SOURCE MATERIAL:
================

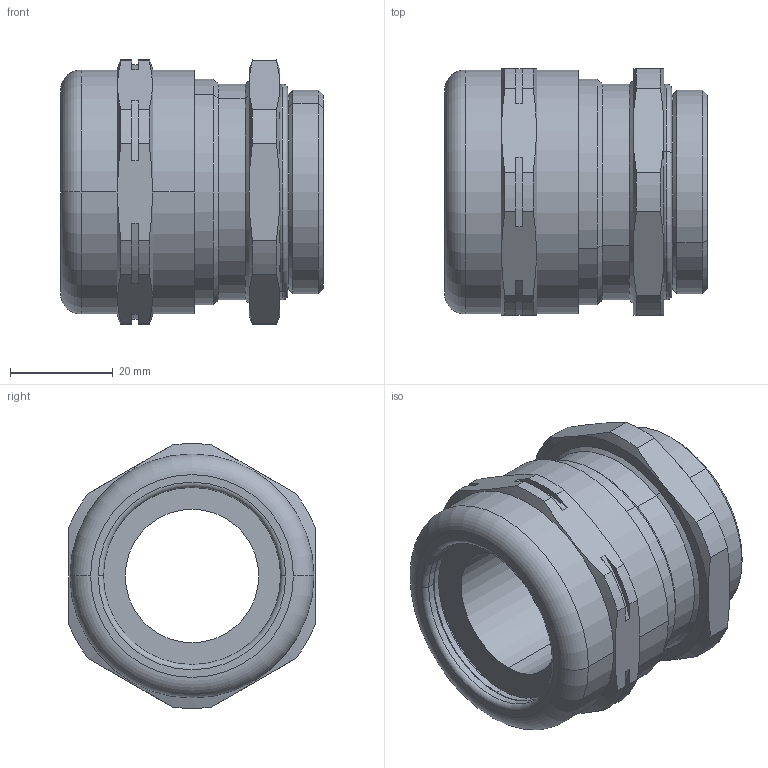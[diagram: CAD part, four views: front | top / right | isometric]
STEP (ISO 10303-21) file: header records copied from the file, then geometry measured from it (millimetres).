
FILE_DESCRIPTION (( 'STEP AP203' ), '1' );
FILE_NAME ('C1509739.STEP', '2021-10-06T14:25:42', ( '' ), ( '' ), 'SwSTEP 2.0', 'SolidWorks 2021', '' );
FILE_SCHEMA (( 'CONFIG_CONTROL_DESIGN' ));
Length unit declared in the file: millimetre
Products named in the file (6): D1509101; D1509640; D9009503; D9240360; D1309501; C1509739
Assembly tree (5 placements, depth 2):
  C1509739
    D1309501
    D1509101
    D1509640
    D9009503
    D9240360
Bounding box: 51.2 x 48 x 51.54 mm (x, y, z)
Volume: 41599.4 mm3; surface area: 26062 mm2
Topology: 5 solids, 5 shells, 154 faces, 356 edges, 218 vertices
Faces by surface type: cylinder 56, cone 44, plane 40, torus 14
Entity records: 5172 total; most frequent: CARTESIAN_POINT 960, DIRECTION 820, ORIENTED_EDGE 712, EDGE_CURVE 356, AXIS2_PLACEMENT_3D 342, VERTEX_POINT 218, CIRCLE 180, EDGE_LOOP 170
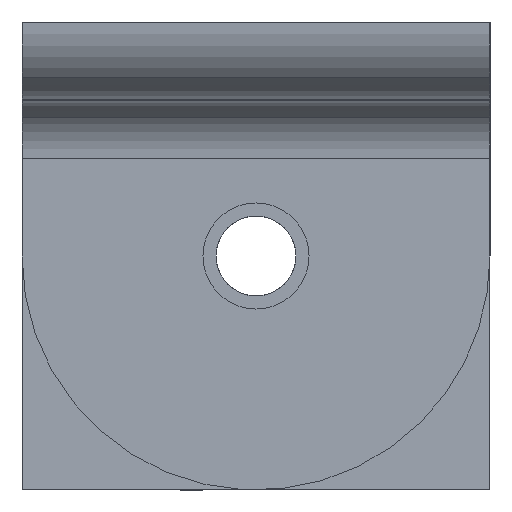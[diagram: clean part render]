
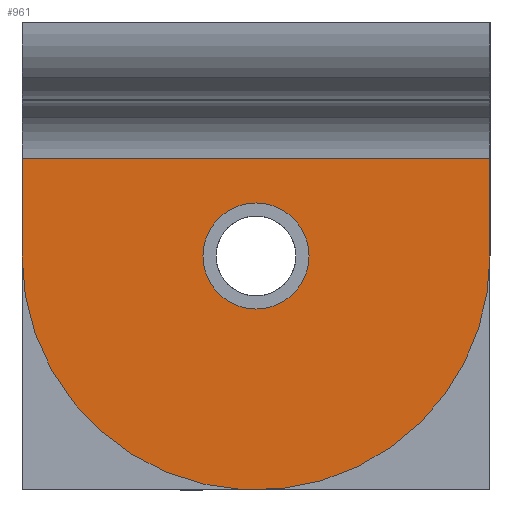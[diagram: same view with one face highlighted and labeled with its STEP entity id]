
A CAD part, left-side view. The second image highlights one B-rep face of the part: STEP entity #961.
In plain terms, the highlighted free-form (B-spline) face has degree [1, 1] with [2, 2] control points.
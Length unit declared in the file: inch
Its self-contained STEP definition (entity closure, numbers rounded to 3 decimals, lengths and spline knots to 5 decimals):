
#158=CARTESIAN_POINT('',(-1.,-0.53033,0.21967));
#159=VERTEX_POINT('',#158);
#175=CARTESIAN_POINT('',(-1.0,-0.75,0.75));
#176=VERTEX_POINT('',#175);
#183=CARTESIAN_POINT('',(-1.,0.,0.75));
#184=DIRECTION('',(-1.,0.,0.));
#185=DIRECTION('',(0.,-0.707,-0.707));
#186=AXIS2_PLACEMENT_3D('',#183,#184,#185);
#187=CIRCLE('',#186,0.75);
#188=EDGE_CURVE('',#159,#176,#187,.T.);
#219=CARTESIAN_POINT('',(-1.,0.17,0.75));
#220=VERTEX_POINT('',#219);
#229=CARTESIAN_POINT('',(-1.,-0.17,0.75));
#230=VERTEX_POINT('',#229);
#231=CARTESIAN_POINT('',(-1.,0.,0.75));
#232=DIRECTION('',(-1.0,0.0,0.0));
#233=DIRECTION('',(0.0,1.0,0.0));
#234=AXIS2_PLACEMENT_3D('',#231,#232,#233);
#235=CIRCLE('',#234,0.17);
#236=EDGE_CURVE('',#220,#230,#235,.T.);
#481=CARTESIAN_POINT('',(-1.,0.75,1.062));
#482=VERTEX_POINT('',#481);
#490=CARTESIAN_POINT('',(-1.0,-0.75,1.062));
#491=VERTEX_POINT('',#490);
#492=CARTESIAN_POINT('',(-1.0,-0.75,1.062));
#493=DIRECTION('',(0.0,1.0,0.0));
#494=VECTOR('',#493,1.5);
#495=LINE('',#492,#494);
#496=EDGE_CURVE('',#491,#482,#495,.T.);
#760=CARTESIAN_POINT('',(-1.0,-0.75,0.75));
#761=DIRECTION('',(0.0,0.0,1.0));
#762=VECTOR('',#761,0.312);
#763=LINE('',#760,#762);
#764=EDGE_CURVE('',#176,#491,#763,.T.);
#842=CARTESIAN_POINT('',(-1.,0.,0.75));
#843=DIRECTION('',(-1.0,0.0,0.0));
#844=DIRECTION('',(0.0,1.0,0.0));
#845=AXIS2_PLACEMENT_3D('',#842,#843,#844);
#846=CIRCLE('',#845,0.17);
#847=EDGE_CURVE('',#230,#220,#846,.T.);
#857=CARTESIAN_POINT('',(-1.,0.75,0.75));
#858=VERTEX_POINT('',#857);
#859=CARTESIAN_POINT('',(-1.,0.75,1.062));
#860=DIRECTION('',(0.0,0.0,-1.0));
#861=VECTOR('',#860,0.312);
#862=LINE('',#859,#861);
#863=EDGE_CURVE('',#482,#858,#862,.T.);
#913=CARTESIAN_POINT('',(-1.,0.,0.75));
#914=DIRECTION('',(-1.,0.,0.));
#915=DIRECTION('',(0.,-0.707,-0.707));
#916=AXIS2_PLACEMENT_3D('',#913,#914,#915);
#917=CIRCLE('',#916,0.75);
#918=EDGE_CURVE('',#858,#159,#917,.T.);
#945=CARTESIAN_POINT('',(-1.,0.75,1.062));
#946=CARTESIAN_POINT('',(-1.,0.75,0.));
#947=CARTESIAN_POINT('',(-1.,-0.75,1.062));
#948=CARTESIAN_POINT('',(-1.,-0.75,0.));
#949=B_SPLINE_SURFACE_WITH_KNOTS('',1,1,((#945,#947),(#946,#948)),.UNSPECIFIED.,.F.,.F.,.U.,(2,2),(2,2),(0.0,1.062),(0.0,1.5),.UNSPECIFIED.);
#950=ORIENTED_EDGE('',*,*,#496,.T.);
#951=ORIENTED_EDGE('',*,*,#863,.T.);
#952=ORIENTED_EDGE('',*,*,#918,.T.);
#953=ORIENTED_EDGE('',*,*,#188,.T.);
#954=ORIENTED_EDGE('',*,*,#764,.T.);
#955=EDGE_LOOP('',(#950,#951,#952,#953,#954));
#956=FACE_OUTER_BOUND('',#955,.T.);
#957=ORIENTED_EDGE('',*,*,#236,.F.);
#958=ORIENTED_EDGE('',*,*,#847,.F.);
#959=EDGE_LOOP('',(#957,#958));
#960=FACE_BOUND('',#959,.T.);
#961=ADVANCED_FACE('',(#956,#960),#949,.T.);

================

TASK DIRECTIONS: Keeping every character as it is, restate the lines above that run from the line with "#235=CIRCLE('',#234,0.17);" through the line with "#493=DIRECTION('',(0.0,1.0,0.0));", both included, and nothing else.

EXERCISE SOLUTION:
#235=CIRCLE('',#234,0.17);
#236=EDGE_CURVE('',#220,#230,#235,.T.);
#481=CARTESIAN_POINT('',(-1.,0.75,1.062));
#482=VERTEX_POINT('',#481);
#490=CARTESIAN_POINT('',(-1.0,-0.75,1.062));
#491=VERTEX_POINT('',#490);
#492=CARTESIAN_POINT('',(-1.0,-0.75,1.062));
#493=DIRECTION('',(0.0,1.0,0.0));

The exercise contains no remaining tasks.